WORK REQUIRED: For each line in the data that includes "བཏགས", make a copy.

STORED DATA:
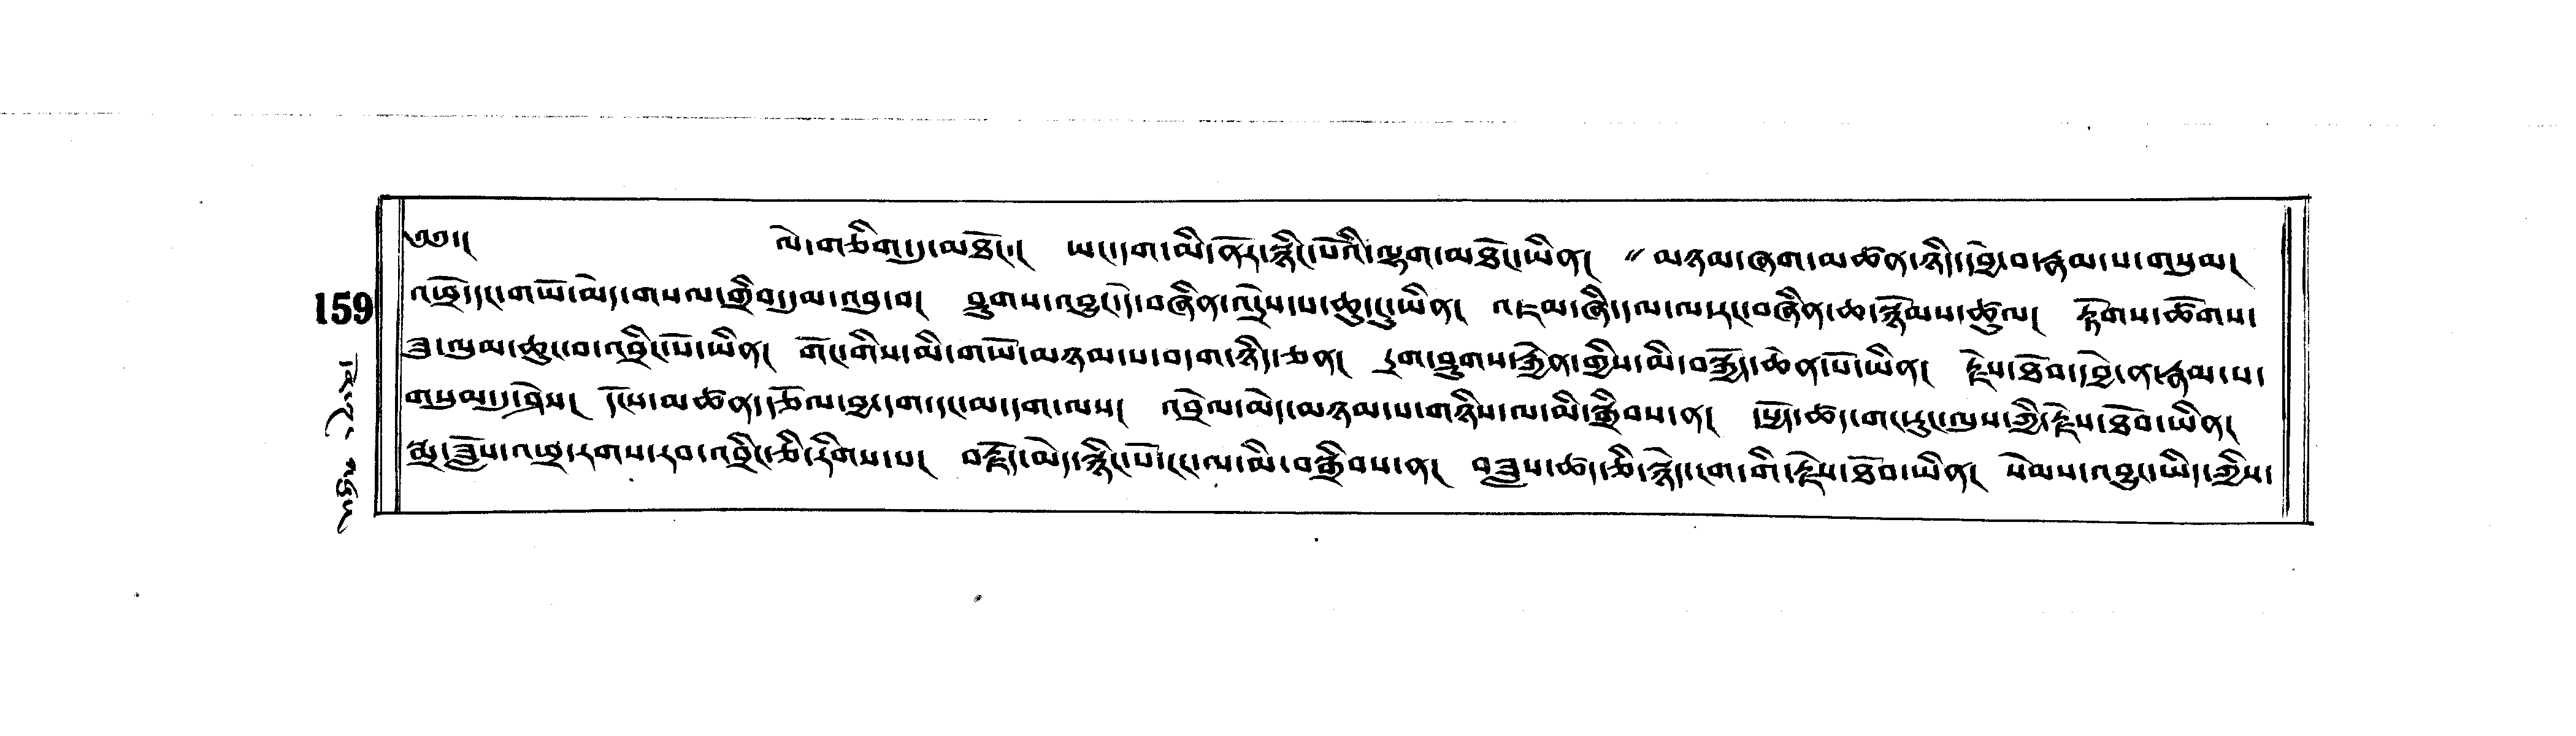ལེ་གཅིག་ཏུ་མཐོང་། ཡང་དག་མི་ནོར་སྙིང་པོའི་ལྷག་མཐོང་ཡིན། ༧ མཉམ་གཞག་མཚན་ཉིད་དབྱེ་བ་རྣམ་པ་གསུམ། 
འཕྲོ་དང་གཡོ་མེད་གསལ་འགྲིབ་དུམ་བུ་བ། ཤུགས་འབྱུང་དེ་བཞིན་འདྲེས་པ་ཆུང་ངུ་ཡིན། འཇམ་ཞིང་དལ་ལ་རང་བཞིན་ཆ་སྙོམས་ཚུལ། རྟོགས་ཚོགས་
གཟུ་ལུམ་ཆུང་བ་འབྲིང་པོ་ཡིན། གོང་གིས་མི་གཡོ་མཉམ་པ་བདག་ཉིད་ཅན། དྲག་ཤུགས་རྐྱེན་གྱིས་མི་བསྐྱོད་ཆེན་པོ་ཡིན། རྗེས་ཐོབ་དབྱེ་ན་རྣམ་པ་
གསུམ་དུ་ཤེས། དངོས་མཚན་རྩོལ་བྱ་དག་དང་མ་དག་ལས། འབྲེལ་མེད་མཉམ་པ་གཉིས་ལ་མི་བསྒྲིབས་ན། དཔྱོད་ཚད་གང་རུང་ལུས་ཀྱི་རྗེས་ཐོབ་ཡིན། 
སྨྲ་ཟློས་འཕྲ་རགས་རབ་འབྲིང་ཅི་རིགས་པ། བརྗོད་མེད་སྙིང་པོ་ངང་ལ་མི་བསྒྲིབས་ན། བཟླས་ཚད་ཅི་སྙེད་ངག་གི་རྗེས་ཐོབ་ཡིན། སེམས་འབྱུང་ཡིད་ཀྱིས་
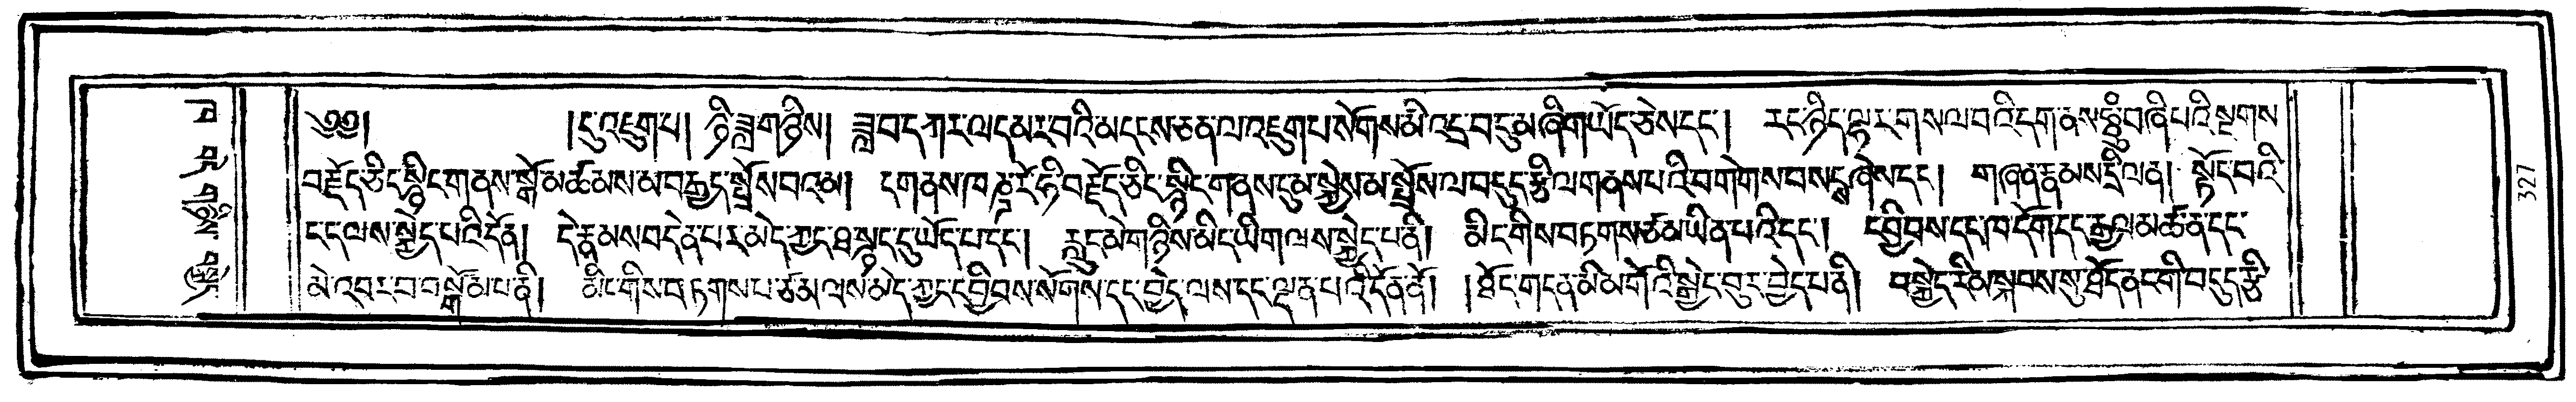༄༅། །དུ་འཇུག་པ། ཉི་ཟླ་གཉིས། ཟླ་བ་དཀར་ལ་དམར་བའི་མདངས་ཅན་ལ་འཇུག་པ་སོགས་མི་འདྲ་བ་དུ་མ་ཞིག་ཡོད་ཅེས་དང་། རང་ཉིད་ལྟར་གསལ་བའི་དག་ནས་ཧཱུཾ་བཞི་པའི་སྔགས་
བརྗོད་ཅིང་སྙིང་གནས་སྒོ་མཚམས་མ་བརྒྱད་སྤྲོས་བའམ། དག་ནས་ཁཎྜ་རོ་ཧི་བརྗོད་ཅིང་སྙིང་ག་ནས་དུམ་སྐྱེས་མ་སྤྲོས་ལ་བདུད་རྩི་ལ་གནས་པའི་བགེགས་བསངས་ཞེས་དང་། གཞན་རྣམས་དྲི་ལན། སྟོང་བའི་
ངང་ལས་སྐྱེད་པའི་དོན། དེ་རྣམས་བདེན་པར་མེད་ཀྱང་ཐ་སྙད་དུ་ཡོད་པ་དང་། རླུང་མེ་གཉིས་མིང་ཡིག་ལས་སྐྱེད་པ་ནི། མིང་གིས་བཏགས་ཙམ་ཡིན་པའི་དང་། དབྱིབས་དང་ཁ་དོག་དང་རྒྱལ་མཚན་དང་
མེ་འབར་བ་བསྒོམ་པ་ནི། མིང་གིས་བཏགས་པ་ཙམ་ལས་མེད་ཀྱང་དབྱིབས་སོགས་དང་བྱེད་ལས་དང་ལྡན་པའི་དོན་ནོ། །ཐོག་གདན་མི་མགོའི་སྒྱེད་བུར་བྱེད་པ་ནི། བསྐྱེ་རིམ་སྐབས་སུ་ཐོད་ནང་གི་བདུད་རྩི་

EXERCISE RESULT:
ངང་ལས་སྐྱེད་པའི་དོན། དེ་རྣམས་བདེན་པར་མེད་ཀྱང་ཐ་སྙད་དུ་ཡོད་པ་དང་། རླུང་མེ་གཉིས་མིང་ཡིག་ལས་སྐྱེད་པ་ནི། མིང་གིས་བཏགས་ཙམ་ཡིན་པའི་དང་། དབྱིབས་དང་ཁ་དོག་དང་རྒྱལ་མཚན་དང་
མེ་འབར་བ་བསྒོམ་པ་ནི། མིང་གིས་བཏགས་པ་ཙམ་ལས་མེད་ཀྱང་དབྱིབས་སོགས་དང་བྱེད་ལས་དང་ལྡན་པའི་དོན་ནོ། །ཐོག་གདན་མི་མགོའི་སྒྱེད་བུར་བྱེད་པ་ནི། བསྐྱེ་རིམ་སྐབས་སུ་ཐོད་ནང་གི་བདུད་རྩི་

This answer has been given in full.